# What to work on
Isolate every line in the records below with "lawn" in it.

# Dataset extract
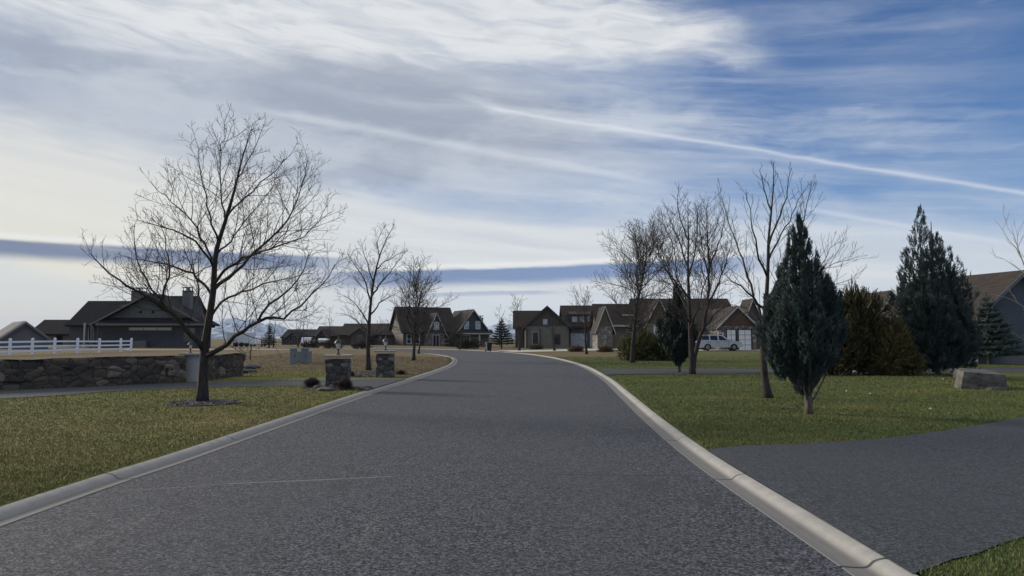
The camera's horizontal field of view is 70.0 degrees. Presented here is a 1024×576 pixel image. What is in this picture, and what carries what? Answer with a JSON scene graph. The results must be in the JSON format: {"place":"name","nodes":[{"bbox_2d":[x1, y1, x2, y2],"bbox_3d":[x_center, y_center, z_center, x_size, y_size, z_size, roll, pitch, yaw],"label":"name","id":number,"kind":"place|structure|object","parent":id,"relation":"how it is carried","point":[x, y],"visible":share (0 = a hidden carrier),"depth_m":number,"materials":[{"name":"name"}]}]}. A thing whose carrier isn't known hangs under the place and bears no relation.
{"place":"outdoors","nodes":[
{"label":"outdoors","id":0,"kind":"place"},
{"bbox_2d":[0,379,402,397],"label":"driveway","id":1,"kind":"structure","parent":0,"point":[374,383],"depth_m":23.20,"materials":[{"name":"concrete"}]},
{"bbox_2d":[124,349,282,349],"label":"path","id":2,"kind":"structure","parent":0,"point":[193,349],"depth_m":82.65,"materials":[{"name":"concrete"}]},
{"bbox_2d":[166,399,241,405],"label":"gravel","id":3,"kind":"structure","parent":0,"point":[211,402],"depth_m":17.03,"materials":[{"name":"grey gravel"}]},
{"bbox_2d":[324,371,396,376],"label":"gravel","id":4,"kind":"structure","parent":0,"point":[365,373],"depth_m":30.54,"materials":[{"name":"grey gravel"}]},
{"bbox_2d":[211,318,514,338],"bbox_3d":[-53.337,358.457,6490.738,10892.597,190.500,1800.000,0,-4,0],"label":"mountains","id":5,"kind":"structure","parent":0,"point":[228,326],"depth_m":6121.72,"materials":[{"name":"stone"}]},
{"bbox_2d":[0,348,851,575],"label":"road","id":6,"kind":"structure","parent":0,"point":[478,463],"depth_m":7.11,"materials":[{"name":"grey asphalt"}]},
{"bbox_2d":[223,332,254,346],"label":"box trailer","id":7,"kind":"object","parent":6,"relation":"on","point":[241,339],"visible":0.88,"depth_m":106.77,"materials":[{"name":"white paint"}]},
{"bbox_2d":[249,335,266,346],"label":"parked car","id":8,"kind":"object","parent":6,"relation":"on","point":[258,341],"visible":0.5,"depth_m":113.71,"materials":[{"name":"white paint"}]},
{"bbox_2d":[300,337,314,345],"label":"parked car","id":9,"kind":"object","parent":6,"relation":"on","point":[307,339],"visible":0.39,"depth_m":115.79,"materials":[{"name":"white paint"}]},
{"bbox_2d":[485,342,491,351],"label":"wheeled bin","id":10,"kind":"object","parent":6,"relation":"on","point":[488,345],"visible":1,"depth_m":87.04,"materials":[{"name":"black plastic"}]},
{"bbox_2d":[0,339,1023,575],"bbox_3d":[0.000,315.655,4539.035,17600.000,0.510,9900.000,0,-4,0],"label":"ground","id":11,"kind":"structure","parent":0,"point":[216,343],"depth_m":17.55,"materials":[{"name":"green plant"}]},
{"bbox_2d":[0,321,52,348],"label":"barn","id":12,"kind":"structure","parent":11,"relation":"on","point":[21,331],"depth_m":85.94,"materials":[{"name":"grey metal"}]},
{"bbox_2d":[35,320,68,344],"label":"outbuilding","id":13,"kind":"structure","parent":11,"relation":"on","point":[52,329],"depth_m":112.49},
{"bbox_2d":[55,335,62,344],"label":"door","id":14,"kind":"structure","parent":13,"relation":"in","point":[59,337],"depth_m":111.70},
{"bbox_2d":[0,338,132,354],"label":"rail fence","id":15,"kind":"object","parent":11,"relation":"on","point":[54,346],"visible":0.91,"depth_m":58.15,"materials":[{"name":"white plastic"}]},
{"bbox_2d":[0,355,186,389],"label":"stone wall","id":16,"kind":"structure","parent":11,"relation":"on","point":[18,374],"depth_m":23.39,"materials":[{"name":"grey stone"}]},
{"bbox_2d":[65,287,219,347],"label":"house","id":17,"kind":"structure","parent":11,"relation":"on","point":[97,320],"depth_m":96.88,"materials":[{"name":"grey wood"}]},
{"bbox_2d":[88,327,93,340],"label":"window","id":18,"kind":"structure","parent":17,"relation":"in","point":[88,327],"depth_m":101.25,"materials":[{"name":"black glass"}]},
{"bbox_2d":[128,327,171,330],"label":"window","id":19,"kind":"structure","parent":17,"relation":"in","point":[129,328],"depth_m":96.81,"materials":[{"name":"grey glass"}]},
{"bbox_2d":[183,328,195,341],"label":"window","id":20,"kind":"structure","parent":17,"relation":"in","point":[186,338],"depth_m":96.76,"materials":[{"name":"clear glass"}]},
{"bbox_2d":[0,378,362,505],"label":"lawn grass","id":21,"kind":"structure","parent":11,"relation":"on","point":[34,481],"depth_m":12.37,"materials":[{"name":"green plant"}]},
{"bbox_2d":[178,353,199,381],"bbox_3d":[-11.199,2.812,25.745,0.800,1.050,0.720,0,-4,0],"label":"stucco post","id":22,"kind":"object","parent":11,"relation":"on","point":[192,362],"visible":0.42,"depth_m":25.49,"materials":[{"name":"paint"}]},
{"bbox_2d":[188,340,193,352],"bbox_3d":[-11.319,2.053,25.748,0.217,0.462,0.188,0,-4,0],"label":"post lantern","id":23,"kind":"object","parent":22,"relation":"on","point":[190,344],"visible":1,"depth_m":25.70,"materials":[{"name":"black metal"}]},
{"bbox_2d":[80,100,355,401],"bbox_3d":[-6.849,-0.972,17.584,6.978,7.537,5.146,0,-4,0],"label":"bare tree","id":24,"kind":"object","parent":11,"relation":"on","point":[202,390],"visible":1,"depth_m":17.40,"materials":[{"name":"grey plant"}]},
{"bbox_2d":[208,353,245,380],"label":"stone wall","id":25,"kind":"structure","parent":11,"relation":"on","point":[220,366],"depth_m":27.72,"materials":[{"name":"grey stone"}]},
{"bbox_2d":[0,353,456,526],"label":"kerb","id":26,"kind":"structure","parent":11,"relation":"on","point":[24,508],"depth_m":9.11,"materials":[{"name":"concrete"}]},
{"bbox_2d":[244,364,256,368],"bbox_3d":[-13.335,3.996,36.767,0.981,0.368,0.714,0,-4,0],"label":"rock","id":27,"kind":"object","parent":11,"relation":"on","point":[249,366],"visible":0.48,"depth_m":36.54,"materials":[{"name":"grey stone"}]},
{"bbox_2d":[260,324,278,347],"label":"spruce","id":28,"kind":"object","parent":11,"relation":"on","point":[269,343],"visible":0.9,"depth_m":95.64,"materials":[{"name":"green plant"}]},
{"bbox_2d":[289,348,297,363],"bbox_3d":[-12.678,3.940,42.417,0.431,0.946,0.410,1,-4,-8],"label":"utility box","id":29,"kind":"object","parent":11,"relation":"on","point":[293,355],"visible":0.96,"depth_m":42.25,"materials":[{"name":"grey metal"}]},
{"bbox_2d":[290,351,295,362],"bbox_3d":[-12.663,3.977,42.234,0.271,0.686,0.046,1,-4,-8],"label":"door","id":30,"kind":"structure","parent":29,"relation":"in","point":[292,360],"depth_m":42.24,"materials":[{"name":"grey metal"}]},
{"bbox_2d":[280,329,316,344],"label":"house","id":31,"kind":"structure","parent":11,"relation":"on","point":[288,335],"depth_m":149.62,"materials":[{"name":"wood"}]},
{"bbox_2d":[289,335,294,341],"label":"window","id":32,"kind":"structure","parent":31,"relation":"in","point":[291,337],"depth_m":147.11,"materials":[{"name":"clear glass"}]},
{"bbox_2d":[297,351,311,362],"bbox_3d":[-12.739,4.191,44.605,0.988,0.698,0.890,1,-4,-8],"label":"utility box","id":33,"kind":"object","parent":11,"relation":"on","point":[299,356],"visible":0.32,"depth_m":44.20,"materials":[{"name":"grey metal"}]},
{"bbox_2d":[300,347,309,363],"bbox_3d":[-12.214,3.979,43.116,0.462,0.946,0.490,1,-4,-8],"label":"utility box","id":34,"kind":"object","parent":11,"relation":"on","point":[304,355],"visible":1,"depth_m":42.91,"materials":[{"name":"grey metal"}]},
{"bbox_2d":[302,351,306,361],"bbox_3d":[-12.194,4.014,42.893,0.302,0.686,0.046,1,-4,-8],"label":"door","id":35,"kind":"structure","parent":34,"relation":"in","point":[304,353],"depth_m":42.91,"materials":[{"name":"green metal"}]},
{"bbox_2d":[299,303,310,342],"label":"young tree","id":36,"kind":"object","parent":11,"relation":"on","point":[303,324],"visible":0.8,"depth_m":103.66,"materials":[{"name":"brown plant"}]},
{"bbox_2d":[300,377,321,387],"bbox_3d":[-6.244,2.927,22.854,0.793,0.376,0.789,0,-4,0],"label":"ornamental shrub","id":37,"kind":"object","parent":11,"relation":"on","point":[311,382],"visible":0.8,"depth_m":22.69,"materials":[{"name":"brown plant"}]},
{"bbox_2d":[299,338,322,347],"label":"bush","id":38,"kind":"object","parent":11,"relation":"on","point":[306,343],"visible":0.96,"depth_m":96.38,"materials":[{"name":"plant"}]},
{"bbox_2d":[318,338,327,343],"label":"boat trailer","id":39,"kind":"object","parent":11,"relation":"on","point":[322,339],"visible":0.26,"depth_m":131.39,"materials":[{"name":"white paint"}]},
{"bbox_2d":[317,387,334,390],"bbox_3d":[-5.465,2.985,21.432,0.558,0.185,0.383,0,-4,0],"label":"stone","id":40,"kind":"object","parent":11,"relation":"on","point":[325,389],"visible":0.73,"depth_m":21.31,"materials":[{"name":"grey stone"}]},
{"bbox_2d":[312,326,342,342],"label":"house","id":41,"kind":"structure","parent":11,"relation":"on","point":[320,332],"depth_m":143.92,"materials":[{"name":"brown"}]},
{"bbox_2d":[324,307,332,341],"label":"young tree","id":42,"kind":"object","parent":11,"relation":"on","point":[329,322],"visible":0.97,"depth_m":114.63,"materials":[{"name":"plant"}]},
{"bbox_2d":[320,339,344,348],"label":"bush","id":43,"kind":"object","parent":11,"relation":"on","point":[328,344],"visible":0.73,"depth_m":91.37,"materials":[{"name":"plant"}]},
{"bbox_2d":[322,354,353,387],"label":"stone pillar","id":44,"kind":"structure","parent":11,"relation":"on","point":[337,369],"depth_m":22.16,"materials":[{"name":"grey stone"}]},
{"bbox_2d":[334,336,341,354],"bbox_3d":[-5.354,1.772,22.551,0.267,0.568,0.231,0,-4,0],"label":"post lantern","id":45,"kind":"object","parent":44,"relation":"on","point":[338,342],"visible":1,"depth_m":22.50,"materials":[{"name":"black metal"}]},
{"bbox_2d":[304,386,371,389],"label":"gravel","id":46,"kind":"structure","parent":11,"relation":"on","point":[314,388],"depth_m":21.84,"materials":[{"name":"gravel"}]},
{"bbox_2d":[334,377,353,389],"bbox_3d":[-4.997,2.853,21.896,0.689,0.392,0.688,0,-4,0],"label":"ornamental shrub","id":47,"kind":"object","parent":46,"relation":"on","point":[344,383],"visible":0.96,"depth_m":21.76,"materials":[{"name":"brown plant"}]},
{"bbox_2d":[233,353,451,377],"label":"dry grass","id":48,"kind":"structure","parent":11,"relation":"on","point":[323,373],"depth_m":40.02,"materials":[{"name":"brown plant"}]},
{"bbox_2d":[350,340,372,348],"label":"bush","id":49,"kind":"object","parent":11,"relation":"on","point":[355,344],"visible":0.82,"depth_m":89.33,"materials":[{"name":"brown plant"}]},
{"bbox_2d":[358,387,369,390],"bbox_3d":[-4.435,3.018,21.881,0.420,0.147,0.268,-2,-5,31],"label":"stone","id":50,"kind":"object","parent":11,"relation":"on","point":[364,388],"visible":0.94,"depth_m":21.76,"materials":[{"name":"grey stone"}]},
{"bbox_2d":[338,324,393,344],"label":"house","id":51,"kind":"structure","parent":11,"relation":"on","point":[352,334],"depth_m":139.64,"materials":[{"name":"brown"}]},
{"bbox_2d":[356,335,361,341],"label":"window","id":52,"kind":"structure","parent":51,"relation":"in","point":[359,337],"depth_m":137.12,"materials":[{"name":"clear glass"}]},
{"bbox_2d":[381,336,391,344],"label":"garage door","id":53,"kind":"structure","parent":51,"relation":"in","point":[389,338],"depth_m":139.62,"materials":[{"name":"grey"}]},
{"bbox_2d":[334,219,406,369],"bbox_3d":[-6.935,0.335,35.836,3.942,7.456,3.802,0,-4,0],"label":"bare tree","id":54,"kind":"object","parent":11,"relation":"on","point":[368,339],"visible":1,"depth_m":35.75,"materials":[{"name":"brown plant"}]},
{"bbox_2d":[374,350,396,377],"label":"stone pillar","id":55,"kind":"structure","parent":11,"relation":"on","point":[385,367],"depth_m":28.81,"materials":[{"name":"grey stone"}]},
{"bbox_2d":[383,336,388,349],"bbox_3d":[-5.046,2.199,29.208,0.267,0.568,0.231,0,-4,0],"label":"post lantern","id":56,"kind":"object","parent":55,"relation":"on","point":[385,340],"visible":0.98,"depth_m":29.16,"materials":[{"name":"black metal"}]},
{"bbox_2d":[394,370,407,374],"bbox_3d":[-4.745,3.590,31.348,0.879,0.228,0.844,0,-4,0],"label":"ornamental shrub","id":57,"kind":"object","parent":11,"relation":"on","point":[400,372],"visible":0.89,"depth_m":31.23,"materials":[{"name":"brown plant"}]},
{"bbox_2d":[376,252,461,360],"bbox_3d":[-6.851,1.103,51.856,5.737,8.151,7.366,-2,-5,30],"label":"bare tree","id":58,"kind":"object","parent":11,"relation":"on","point":[417,303],"visible":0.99,"depth_m":51.20,"materials":[{"name":"brown plant"}]},
{"bbox_2d":[417,309,432,353],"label":"bare tree","id":59,"kind":"object","parent":11,"relation":"on","point":[421,334],"visible":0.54,"depth_m":73.36,"materials":[{"name":"brown plant"}]},
{"bbox_2d":[388,307,492,346],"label":"house","id":60,"kind":"structure","parent":11,"relation":"on","point":[479,329],"depth_m":135.96,"materials":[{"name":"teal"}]},
{"bbox_2d":[407,334,410,343],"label":"window","id":61,"kind":"structure","parent":60,"relation":"in","point":[408,339],"depth_m":133.75,"materials":[{"name":"grey glass"}]},
{"bbox_2d":[433,335,438,345],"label":"window","id":62,"kind":"structure","parent":60,"relation":"in","point":[435,337],"depth_m":133.32,"materials":[{"name":"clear glass"}]},
{"bbox_2d":[464,321,468,328],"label":"window","id":63,"kind":"structure","parent":60,"relation":"in","point":[466,325],"depth_m":135.29,"materials":[{"name":"grey glass"}]},
{"bbox_2d":[476,321,479,328],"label":"window","id":64,"kind":"structure","parent":60,"relation":"in","point":[477,322],"depth_m":136.20,"materials":[{"name":"grey glass"}]},
{"bbox_2d":[445,329,466,346],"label":"hedge bush","id":65,"kind":"object","parent":11,"relation":"on","point":[455,336],"visible":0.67,"depth_m":127.35,"materials":[{"name":"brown plant"}]},
{"bbox_2d":[456,308,471,349],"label":"bare tree","id":66,"kind":"object","parent":11,"relation":"on","point":[463,328],"visible":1,"depth_m":101.68,"materials":[{"name":"grey plant"}]},
{"bbox_2d":[454,336,481,348],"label":"hedge bush","id":67,"kind":"object","parent":11,"relation":"on","point":[465,342],"visible":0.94,"depth_m":107.41,"materials":[{"name":"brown plant"}]},
{"bbox_2d":[489,317,515,348],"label":"spruce","id":68,"kind":"object","parent":11,"relation":"on","point":[501,335],"visible":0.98,"depth_m":111.22,"materials":[{"name":"green plant"}]},
{"bbox_2d":[528,343,543,349],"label":"bush","id":69,"kind":"object","parent":11,"relation":"on","point":[538,346],"visible":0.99,"depth_m":102.46,"materials":[{"name":"brown plant"}]},
{"bbox_2d":[544,317,558,350],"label":"bare tree","id":70,"kind":"object","parent":11,"relation":"on","point":[554,348],"visible":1,"depth_m":89.75,"materials":[{"name":"grey plant"}]},
{"bbox_2d":[513,305,592,347],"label":"house","id":71,"kind":"structure","parent":11,"relation":"on","point":[566,325],"depth_m":117.99,"materials":[{"name":"beige"}]},
{"bbox_2d":[532,332,538,343],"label":"window","id":72,"kind":"structure","parent":71,"relation":"in","point":[535,335],"depth_m":117.69,"materials":[{"name":"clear glass"}]},
{"bbox_2d":[542,319,547,324],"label":"window","id":73,"kind":"structure","parent":71,"relation":"in","point":[544,321],"depth_m":117.80,"materials":[{"name":"white glass"}]},
{"bbox_2d":[554,334,559,344],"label":"window","id":74,"kind":"structure","parent":71,"relation":"in","point":[557,337],"depth_m":117.69,"materials":[{"name":"black glass"}]},
{"bbox_2d":[572,316,576,321],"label":"window","id":75,"kind":"structure","parent":71,"relation":"in","point":[574,318],"depth_m":120.80,"materials":[{"name":"white glass"}]},
{"bbox_2d":[570,333,586,346],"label":"garage door","id":76,"kind":"structure","parent":71,"relation":"in","point":[576,340],"depth_m":120.15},
{"bbox_2d":[590,334,592,346],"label":"garage door","id":77,"kind":"structure","parent":71,"relation":"in","point":[591,335],"depth_m":120.13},
{"bbox_2d":[227,347,917,575],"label":"kerb","id":78,"kind":"structure","parent":11,"relation":"on","point":[852,556],"depth_m":6.93,"materials":[{"name":"concrete"}]},
{"bbox_2d":[567,344,584,351],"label":"bush","id":79,"kind":"object","parent":11,"relation":"on","point":[576,348],"visible":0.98,"depth_m":83.39,"materials":[{"name":"brown plant"}]},
{"bbox_2d":[567,282,597,353],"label":"bare tree","id":80,"kind":"object","parent":11,"relation":"on","point":[585,321],"visible":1,"depth_m":72.05,"materials":[{"name":"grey plant"}]},
{"bbox_2d":[596,345,614,351],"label":"bush","id":81,"kind":"object","parent":11,"relation":"on","point":[604,348],"visible":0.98,"depth_m":79.42,"materials":[{"name":"brown plant"}]},
{"bbox_2d":[619,318,640,346],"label":"spruce","id":82,"kind":"object","parent":11,"relation":"on","point":[629,330],"visible":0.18,"depth_m":73.74,"materials":[{"name":"green plant"}]},
{"bbox_2d":[615,324,671,360],"bbox_3d":[9.505,3.871,50.564,4.775,2.871,2.910,0,-4,0],"label":"juniper shrub","id":83,"kind":"object","parent":11,"relation":"on","point":[648,347],"visible":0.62,"depth_m":50.04,"materials":[{"name":"green plant"}]},
{"bbox_2d":[587,206,703,362],"bbox_3d":[8.321,-0.093,46.106,6.976,9.710,6.463,3,-5,-40],"label":"bare tree","id":84,"kind":"object","parent":11,"relation":"on","point":[640,284],"visible":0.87,"depth_m":46.09,"materials":[{"name":"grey plant"}]},
{"bbox_2d":[589,292,759,349],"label":"house","id":85,"kind":"structure","parent":11,"relation":"on","point":[607,329],"depth_m":97.86,"materials":[{"name":"brown"}]},
{"bbox_2d":[726,329,736,349],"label":"garage door","id":86,"kind":"structure","parent":85,"relation":"in","point":[731,334],"depth_m":89.77,"materials":[{"name":"white metal"}]},
{"bbox_2d":[737,329,752,349],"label":"garage door","id":87,"kind":"structure","parent":85,"relation":"in","point":[744,335],"depth_m":89.73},
{"bbox_2d":[654,285,699,371],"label":"columnar spruce","id":88,"kind":"object","parent":11,"relation":"on","point":[672,336],"visible":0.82,"depth_m":32.59,"materials":[{"name":"green plant"}]},
{"bbox_2d":[634,181,749,374],"bbox_3d":[7.468,-0.404,30.770,4.827,8.131,5.208,-1,-4,18],"label":"bare tree","id":89,"kind":"object","parent":11,"relation":"on","point":[693,352],"visible":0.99,"depth_m":30.86,"materials":[{"name":"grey plant"}]},
{"bbox_2d":[714,160,878,397],"bbox_3d":[7.501,-0.195,19.381,5.946,6.176,2.747,1,-4,-19],"label":"bare tree","id":90,"kind":"object","parent":11,"relation":"on","point":[766,391],"visible":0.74,"depth_m":18.72,"materials":[{"name":"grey plant"}]},
{"bbox_2d":[751,211,848,413],"bbox_3d":[5.830,0.508,14.932,1.757,4.199,1.902,-3,-5,35],"label":"columnar spruce","id":91,"kind":"object","parent":11,"relation":"on","point":[804,324],"visible":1,"depth_m":14.67,"materials":[{"name":"green plant"}]},
{"bbox_2d":[757,290,893,348],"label":"house","id":92,"kind":"structure","parent":11,"relation":"on","point":[883,294],"depth_m":60.72,"materials":[{"name":"brown"}]},
{"bbox_2d":[813,275,895,375],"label":"arborvitae","id":93,"kind":"object","parent":11,"relation":"on","point":[864,329],"visible":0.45,"depth_m":26.07,"materials":[{"name":"green plant"}]},
{"bbox_2d":[866,309,926,375],"bbox_3d":[13.497,2.006,25.699,2.041,2.551,1.570,0,-4,0],"label":"juniper shrub","id":94,"kind":"object","parent":11,"relation":"on","point":[896,359],"visible":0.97,"depth_m":25.40,"materials":[{"name":"green plant"}]},
{"bbox_2d":[884,204,987,374],"bbox_3d":[15.399,0.029,26.947,3.490,6.438,3.093,0,-4,0],"label":"columnar spruce","id":95,"kind":"object","parent":11,"relation":"on","point":[939,319],"visible":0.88,"depth_m":26.41,"materials":[{"name":"green plant"}]},
{"bbox_2d":[871,270,1023,363],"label":"house","id":96,"kind":"structure","parent":11,"relation":"on","point":[999,284],"depth_m":45.38,"materials":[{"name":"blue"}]},
{"bbox_2d":[953,369,957,377],"bbox_3d":[14.687,2.776,23.183,1.094,0.421,0.714,1,-4,-12],"label":"rock","id":97,"kind":"object","parent":11,"relation":"on","point":[955,373],"visible":0.02,"depth_m":23.39,"materials":[{"name":"grey stone"}]},
{"bbox_2d":[954,368,1008,389],"bbox_3d":[12.635,2.526,19.764,1.232,0.687,0.937,-2,-4,24],"label":"rock block","id":98,"kind":"object","parent":11,"relation":"on","point":[980,379],"visible":0.7,"depth_m":19.41,"materials":[{"name":"grey stone"}]},
{"bbox_2d":[985,386,1006,390],"bbox_3d":[12.788,2.661,19.307,0.698,0.173,0.446,1,-4,-10],"label":"rock","id":99,"kind":"object","parent":11,"relation":"on","point":[992,388],"visible":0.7,"depth_m":19.11,"materials":[{"name":"grey stone"}]},
{"bbox_2d":[972,291,1023,364],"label":"spruce","id":100,"kind":"object","parent":11,"relation":"on","point":[992,331],"visible":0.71,"depth_m":43.26,"materials":[{"name":"green plant"}]},
{"bbox_2d":[989,209,1023,339],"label":"bare tree","id":101,"kind":"object","parent":11,"relation":"on","point":[1018,251],"visible":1,"depth_m":25.10,"materials":[{"name":"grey plant"}]},
{"bbox_2d":[0,0,1023,329],"label":"sky","id":102,"kind":"structure","parent":0,"point":[501,140],"materials":[{"name":"blue"}]},
{"bbox_2d":[495,349,620,351],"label":"pale driveway","id":103,"kind":"structure","parent":0,"point":[542,350],"depth_m":91.30,"materials":[{"name":"concrete"}]},
{"bbox_2d":[502,294,525,349],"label":"bare tree","id":104,"kind":"object","parent":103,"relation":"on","point":[519,345],"visible":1,"depth_m":91.60,"materials":[{"name":"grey plant"}]},
{"bbox_2d":[699,334,742,349],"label":"parked car","id":105,"kind":"object","parent":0,"point":[707,342],"visible":0.85,"depth_m":85.84,"materials":[{"name":"silver metal"}]},
{"bbox_2d":[557,356,1023,374],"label":"lawn grass","id":106,"kind":"structure","parent":0,"point":[700,362],"depth_m":43.47,"materials":[{"name":"green plant"}]},
{"bbox_2d":[598,367,1023,374],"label":"driveway","id":107,"kind":"structure","parent":0,"point":[722,371],"depth_m":34.12,"materials":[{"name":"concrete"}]},
{"bbox_2d":[707,417,1023,573],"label":"driveway","id":108,"kind":"structure","parent":0,"point":[914,503],"depth_m":7.63,"materials":[{"name":"grey asphalt"}]},
{"bbox_2d":[834,372,952,374],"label":"gravel","id":109,"kind":"structure","parent":0,"point":[914,373],"depth_m":27.67,"materials":[{"name":"grey gravel"}]}
]}

# Your solution
{"bbox_2d":[0,378,362,505],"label":"lawn grass","id":21,"kind":"structure","parent":11,"relation":"on","point":[34,481],"depth_m":12.37,"materials":[{"name":"green plant"}]},
{"bbox_2d":[557,356,1023,374],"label":"lawn grass","id":106,"kind":"structure","parent":0,"point":[700,362],"depth_m":43.47,"materials":[{"name":"green plant"}]},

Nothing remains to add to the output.